Online change point detection in dynamic graphs requires comparing graphs as they arrive, in time linear in the number of edges, without parametric assumptions. Recent spectral methods address scale via the Kernel Polynomial Method (KPM): SCPD computes Chebyshev moments of the normalized Laplacian, discretizes them into a density-of-states histogram, and scores the histogram with SVD plus cosine similarity. We introduce SWORD, which computes the same moments and instead compares their mean across two adjacent time windows by their $L_1$ distance. On three real-world benchmarks (MIT Reality, AskUbuntu, Enron), this lifts mean $F_1$ from SCPD's $0.27$ to $0.79$, with SCPD failing to detect any change on Enron. A controlled cascading ablation attributes the gap to two design choices: the two-window mean structure (dominant on MIT) and the $L_1$ metric on those mean vectors (dominant on Enron). A bin-width sweep rules out histogram discretization -- SCPD's most visible architectural choice -- as the driver. SWORD inherits SCPD's KPM core, so per-graph cost is $O(KRm)$ with no eigendecomposition, scaling to $86{,}000$-node networks. With per-dataset tuning it matches the offline TIRE autoencoder on mean $F_1$ and attains the highest precision among online methods ($0.91$, only $2$ false positives across the three benchmarks).

Editorial analysis

A structured set of objections, weighed in public.

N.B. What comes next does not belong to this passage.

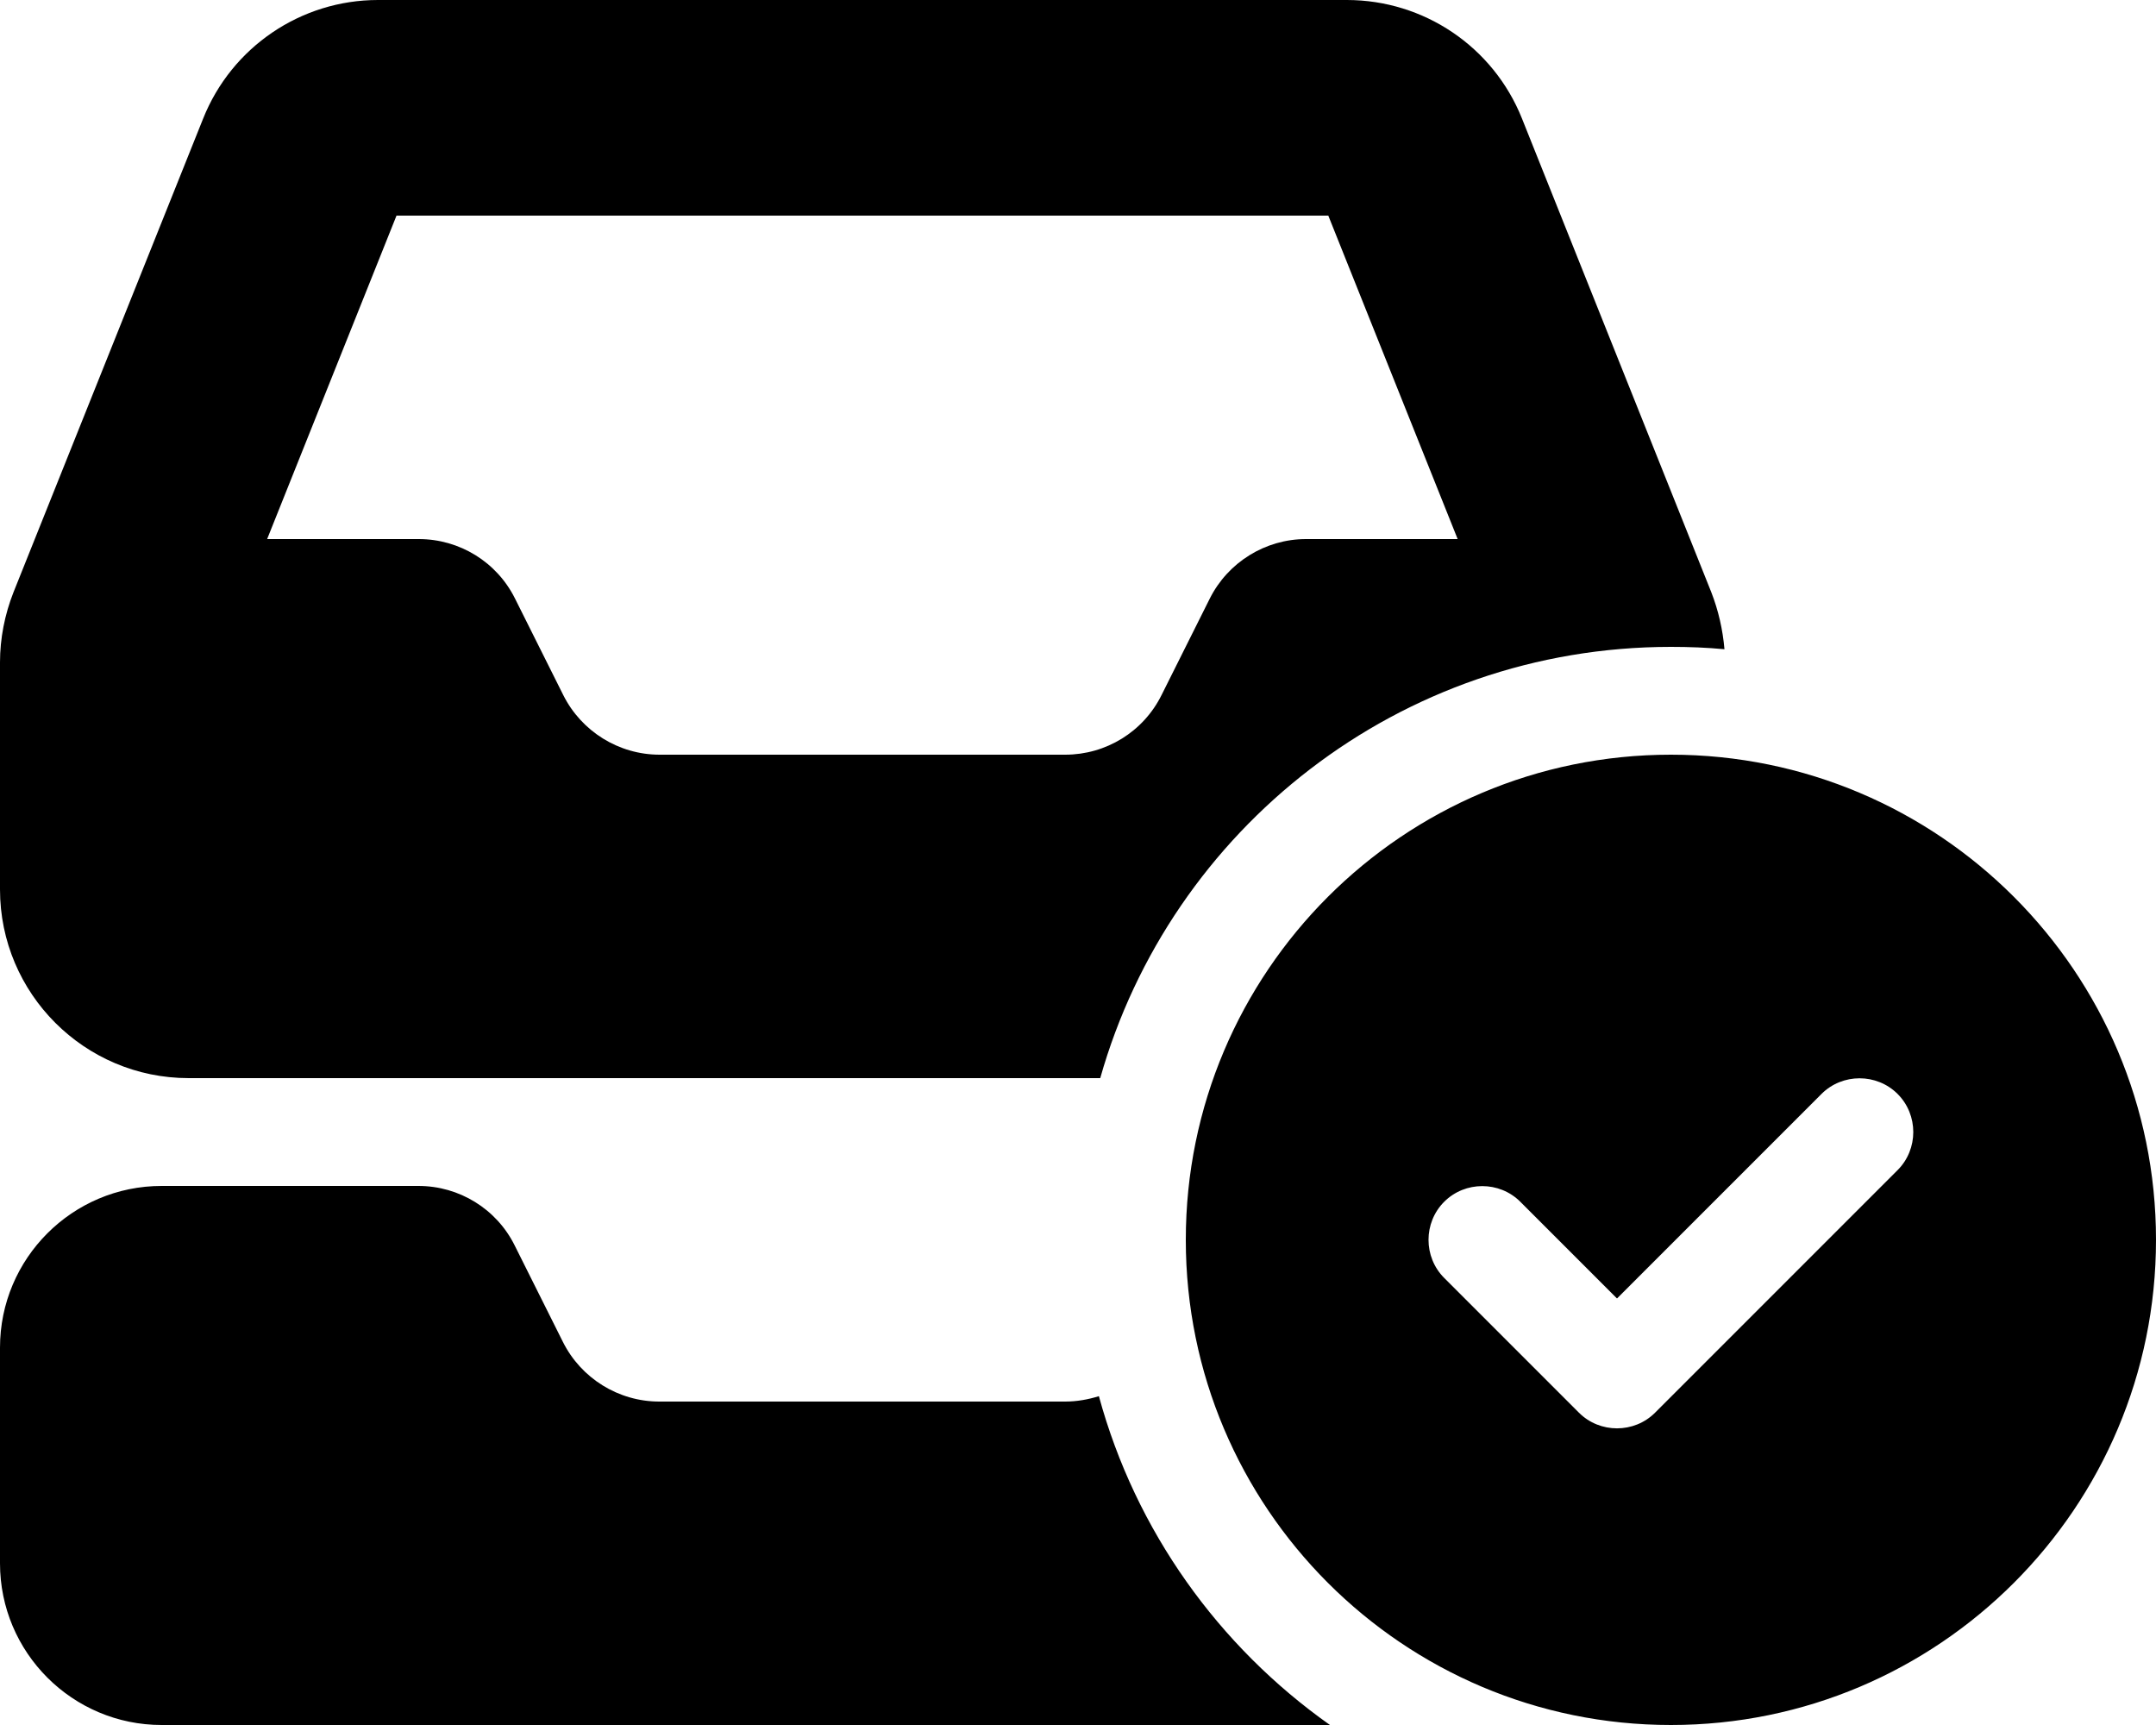 <svg xmlns="http://www.w3.org/2000/svg" viewBox="0 0 640 512"><path d="M0 196.6c0-7.1 1.4-14.2 4-20.8L60.3 35.2C68.8 13.9 89.4 0 112.2 0L399.8 0c22.9 0 43.5 13.9 52 35.2L508 175.8c2.1 5.4 3.4 11.1 3.9 16.9c-5.2-.5-10.5-.7-15.9-.7c-80.6 0-148.5 54.1-169.4 128L56 320c-30.9 0-56-25.1-56-56l0-67.4zM0 400c0-26.5 21.5-48 48-48l76.2 0c12.1 0 23.2 6.8 28.6 17.7l14.3 28.6c5.4 10.8 16.5 17.7 28.6 17.7l120.5 0c3.4 0 6.8-.6 10-1.6c10.9 40 35.6 74.3 68.6 97.6L48 512c-26.5 0-48-21.5-48-48l0-64zM79.3 160l45 0c12.1 0 23.2 6.8 28.6 17.7l14.3 28.6c5.4 10.8 16.5 17.7 28.6 17.7l120.4 0c12.1 0 23.2-6.8 28.6-17.7l14.3-28.6c5.4-10.8 16.5-17.7 28.6-17.7l45 0L394.3 64 117.7 64 79.3 160zM352 368c0-79.5 64.5-144 144-144s144 64.5 144 144s-64.5 144-144 144s-144-64.5-144-144zm76.7-11.3c-6.2 6.2-6.2 16.4 0 22.6l40 40c6.2 6.2 16.4 6.2 22.6 0l72-72c6.2-6.2 6.2-16.4 0-22.6s-16.4-6.2-22.6 0L480 385.4l-28.7-28.7c-6.2-6.2-16.4-6.2-22.6 0z"></path></svg>

Desk editor's note, referee report, simulated authors' rebuttal, and a circularity audit. Tearing a paper down is the easy half of reading it; the pith above is the substance, this is the friction.

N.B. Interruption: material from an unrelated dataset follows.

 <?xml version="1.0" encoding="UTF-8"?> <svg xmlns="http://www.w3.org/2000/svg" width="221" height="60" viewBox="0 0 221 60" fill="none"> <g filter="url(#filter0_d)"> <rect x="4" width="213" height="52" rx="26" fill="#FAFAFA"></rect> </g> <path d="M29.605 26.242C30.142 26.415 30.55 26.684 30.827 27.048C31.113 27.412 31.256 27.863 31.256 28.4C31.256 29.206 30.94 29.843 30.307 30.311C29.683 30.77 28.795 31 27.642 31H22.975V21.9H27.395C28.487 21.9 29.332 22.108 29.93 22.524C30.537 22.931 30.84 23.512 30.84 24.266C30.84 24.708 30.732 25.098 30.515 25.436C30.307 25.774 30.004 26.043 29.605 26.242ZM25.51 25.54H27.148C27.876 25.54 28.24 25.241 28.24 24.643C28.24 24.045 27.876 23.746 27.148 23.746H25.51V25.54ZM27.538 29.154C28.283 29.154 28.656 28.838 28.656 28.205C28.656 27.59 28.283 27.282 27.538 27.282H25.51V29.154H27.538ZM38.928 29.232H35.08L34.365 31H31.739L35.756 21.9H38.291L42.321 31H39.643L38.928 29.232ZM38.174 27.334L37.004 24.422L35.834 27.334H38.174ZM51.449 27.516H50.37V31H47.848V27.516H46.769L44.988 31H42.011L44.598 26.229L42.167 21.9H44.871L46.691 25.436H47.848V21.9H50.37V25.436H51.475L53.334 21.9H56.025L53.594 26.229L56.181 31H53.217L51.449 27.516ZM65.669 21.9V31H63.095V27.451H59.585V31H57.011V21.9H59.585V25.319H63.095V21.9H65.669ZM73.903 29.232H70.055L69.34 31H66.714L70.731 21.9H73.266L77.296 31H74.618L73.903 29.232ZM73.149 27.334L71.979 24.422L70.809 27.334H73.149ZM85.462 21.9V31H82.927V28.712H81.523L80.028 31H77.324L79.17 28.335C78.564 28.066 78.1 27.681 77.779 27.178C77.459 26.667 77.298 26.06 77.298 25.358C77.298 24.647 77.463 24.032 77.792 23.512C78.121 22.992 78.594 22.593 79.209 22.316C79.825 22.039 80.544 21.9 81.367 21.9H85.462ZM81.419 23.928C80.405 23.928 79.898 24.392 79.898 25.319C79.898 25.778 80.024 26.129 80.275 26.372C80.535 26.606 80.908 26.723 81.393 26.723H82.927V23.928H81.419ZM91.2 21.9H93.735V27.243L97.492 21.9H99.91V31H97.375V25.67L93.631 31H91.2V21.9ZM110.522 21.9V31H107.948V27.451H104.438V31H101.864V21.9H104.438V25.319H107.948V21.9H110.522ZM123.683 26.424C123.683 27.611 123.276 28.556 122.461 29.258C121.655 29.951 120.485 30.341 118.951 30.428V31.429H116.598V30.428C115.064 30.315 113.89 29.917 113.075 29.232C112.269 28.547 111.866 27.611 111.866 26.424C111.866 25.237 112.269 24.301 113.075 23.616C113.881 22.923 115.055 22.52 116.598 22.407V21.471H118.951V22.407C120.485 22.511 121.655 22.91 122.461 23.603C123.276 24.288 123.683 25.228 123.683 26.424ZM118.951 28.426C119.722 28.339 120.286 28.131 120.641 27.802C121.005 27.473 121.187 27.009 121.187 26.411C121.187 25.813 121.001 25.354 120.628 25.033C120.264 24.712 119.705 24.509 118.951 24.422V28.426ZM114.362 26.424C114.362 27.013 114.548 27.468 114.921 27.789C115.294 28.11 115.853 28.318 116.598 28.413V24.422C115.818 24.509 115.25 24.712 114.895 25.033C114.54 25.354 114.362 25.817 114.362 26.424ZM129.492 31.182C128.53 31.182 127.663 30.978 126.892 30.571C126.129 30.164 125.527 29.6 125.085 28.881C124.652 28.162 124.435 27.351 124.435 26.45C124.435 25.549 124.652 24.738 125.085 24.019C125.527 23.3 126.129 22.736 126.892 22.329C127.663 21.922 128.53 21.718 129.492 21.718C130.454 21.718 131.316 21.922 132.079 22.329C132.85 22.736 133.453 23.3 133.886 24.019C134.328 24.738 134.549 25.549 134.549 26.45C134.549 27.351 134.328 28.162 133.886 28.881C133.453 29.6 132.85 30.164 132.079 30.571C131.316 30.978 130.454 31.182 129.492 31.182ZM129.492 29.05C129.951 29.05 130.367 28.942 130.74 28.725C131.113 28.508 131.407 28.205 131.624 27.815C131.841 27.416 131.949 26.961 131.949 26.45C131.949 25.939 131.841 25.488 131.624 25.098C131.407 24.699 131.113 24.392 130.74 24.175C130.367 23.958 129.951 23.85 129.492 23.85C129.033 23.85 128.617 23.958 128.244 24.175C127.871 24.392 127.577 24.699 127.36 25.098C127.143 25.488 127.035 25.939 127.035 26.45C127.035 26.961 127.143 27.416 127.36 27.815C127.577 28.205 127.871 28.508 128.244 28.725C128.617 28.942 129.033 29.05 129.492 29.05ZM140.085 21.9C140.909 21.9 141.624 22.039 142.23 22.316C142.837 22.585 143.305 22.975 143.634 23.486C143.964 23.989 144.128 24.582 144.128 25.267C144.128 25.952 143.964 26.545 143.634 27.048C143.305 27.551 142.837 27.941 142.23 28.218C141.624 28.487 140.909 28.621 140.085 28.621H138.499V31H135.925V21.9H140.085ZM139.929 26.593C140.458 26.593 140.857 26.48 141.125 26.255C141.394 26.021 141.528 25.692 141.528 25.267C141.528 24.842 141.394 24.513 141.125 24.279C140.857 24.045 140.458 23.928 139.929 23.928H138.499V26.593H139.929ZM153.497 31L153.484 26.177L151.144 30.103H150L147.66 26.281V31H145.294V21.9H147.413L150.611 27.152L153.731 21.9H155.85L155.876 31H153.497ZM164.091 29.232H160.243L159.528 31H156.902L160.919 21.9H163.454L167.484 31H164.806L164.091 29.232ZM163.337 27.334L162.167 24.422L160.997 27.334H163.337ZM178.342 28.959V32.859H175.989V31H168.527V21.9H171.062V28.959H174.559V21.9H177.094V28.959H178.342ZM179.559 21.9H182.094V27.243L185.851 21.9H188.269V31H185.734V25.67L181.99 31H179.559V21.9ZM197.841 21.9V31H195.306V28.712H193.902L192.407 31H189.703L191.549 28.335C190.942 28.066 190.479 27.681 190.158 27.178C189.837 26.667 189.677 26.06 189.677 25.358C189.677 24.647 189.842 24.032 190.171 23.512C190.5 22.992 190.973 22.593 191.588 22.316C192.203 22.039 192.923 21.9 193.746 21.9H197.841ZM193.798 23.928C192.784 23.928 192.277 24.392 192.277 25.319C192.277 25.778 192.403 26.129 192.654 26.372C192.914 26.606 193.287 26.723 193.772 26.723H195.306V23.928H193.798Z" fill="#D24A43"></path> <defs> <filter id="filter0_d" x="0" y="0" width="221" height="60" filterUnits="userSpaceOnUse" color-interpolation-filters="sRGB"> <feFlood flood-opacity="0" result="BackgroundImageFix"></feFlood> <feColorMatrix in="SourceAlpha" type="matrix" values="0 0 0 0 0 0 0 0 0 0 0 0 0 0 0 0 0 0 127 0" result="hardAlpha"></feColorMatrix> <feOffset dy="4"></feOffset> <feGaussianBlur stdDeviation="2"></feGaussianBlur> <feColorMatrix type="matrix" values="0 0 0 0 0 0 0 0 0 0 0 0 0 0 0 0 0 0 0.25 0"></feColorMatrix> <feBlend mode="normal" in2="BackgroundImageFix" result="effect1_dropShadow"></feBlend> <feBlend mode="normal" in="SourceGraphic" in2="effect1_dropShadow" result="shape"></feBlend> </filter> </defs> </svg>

Desk Editor's Note private letter to a colleague

SWORD reports a large F1 lift over SCPD on three graph benchmarks by using mean moments and L1 distance, but the ablation's attribution to those exact choices is weakened by per-dataset tuning.

read the letter

The main takeaway is that SWORD replaces SCPD's histogram-plus-SVD step with the mean of Chebyshev moments scored by L1 distance and gets mean F1 from 0.27 up to 0.79 on MIT Reality, AskUbuntu, and Enron. It keeps the same KPM spectral core, so per-graph cost stays linear in edges and it scales to 86k-node networks without eigendecomposition.

What works is the direct empirical comparison and the controlled checks. The bin-width sweep shows discretization is not the driver, and the cascading ablation points to the two-window mean helping on MIT and the L1 metric helping on Enron. Matching the offline TIRE autoencoder on mean F1 while staying online and posting the highest precision (0.91, only two false positives total) is a practical result.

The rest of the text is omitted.